### What is required
Lines in the listing below that contain the string "複数箇所に設置されていた" are to be found and copied.

### Data for this exercise

::::::::

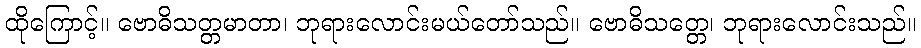
ထိုကြောင့်။ ဗောဓိသတ္တမာတာ၊ ဘုရားလောင်းမယ်တော်သည်။ ဗောဓိသတ္တေ၊ ဘုရားလောင်းသည်။
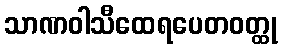
သာဏဝါသီထေရပေတဝတ္ထု
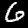
Digit: 6
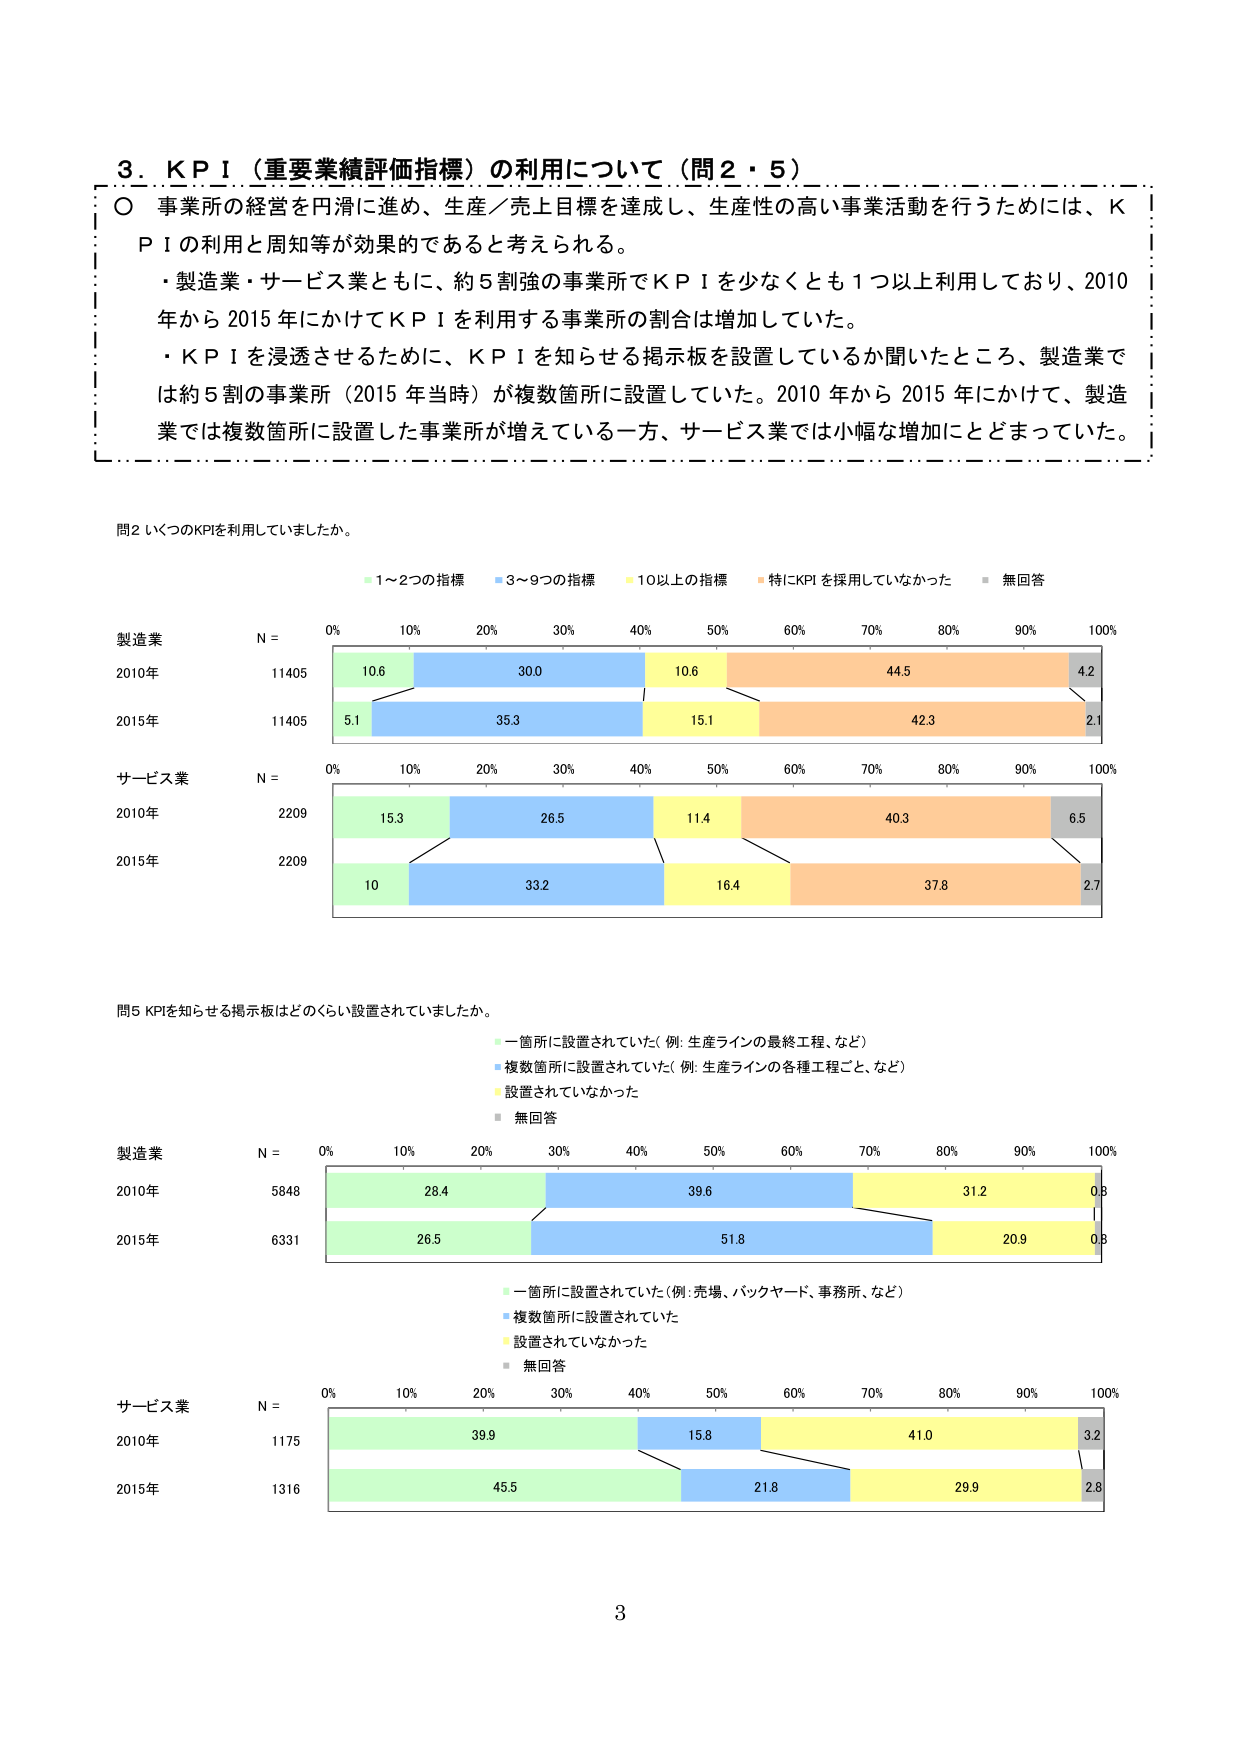
3. KPI（重要業績評価指標）の利用について（問2・5）

〇 事業所の経営を円滑に進め、生産／売上目標を達成し、生産性の高い事業活動を行うためには、KPIの利用と周知等が効果的であると考えられる。

・製造業・サービス業ともに、約5割強の事業所でKPIを少なくとも1つ以上利用しており、2010年から2015年にかけてKPIを利用する事業所の割合は増加していた。

・KPIを浸透させるために、KPIを知らせる掲示板を設置しているか聞いたところ、製造業では約5割の事業所（2015年当時）が複数箇所に設置していた。2010年から2015年にかけて、製造業では複数箇所に設置した事業所が増えていた一方、サービス業では小幅な増加にとどまっていた。

問2 いくつのKPIを利用していましたか。

・1～2つの指標
・3～9つの指標
・10以上の指標
・特にKPIを採用していなかった
・無回答

製造業
N = 11405
2010年
10.6 30.0 10.6 44.5 4.2
2015年
5.1 35.3 15.1 42.3 2.1

サービス業
N = 2209
2010年
15.3 26.5 11.4 40.3 6.5
2015年
10 33.2 16.4 37.8 2.7

問5 KPIを知らせる掲示板はどのくらい設置されていましたか。

・一箇所に設置されていた（例：生産ラインの最終工程、など）
・複数箇所に設置されていた（例：生産ラインの各種工程ごと、など）
・設置されていなかった
・無回答

製造業
N = 5848
2010年
28.4 39.6 31.2 0.8
2015年
26.5 51.8 20.9 0.8

・一箇所に設置されていた（例：売場、バックヤード、事務所、など）
・複数箇所に設置されていた
・設置されていなかった
・無回答

サービス業
N = 1175
2010年
39.9 15.8 41.0 3.2
2015年
45.5 21.8 29.9 2.8

3

::::::::

### Result of the task
・複数箇所に設置されていた（例：生産ラインの各種工程ごと、など）
・複数箇所に設置されていた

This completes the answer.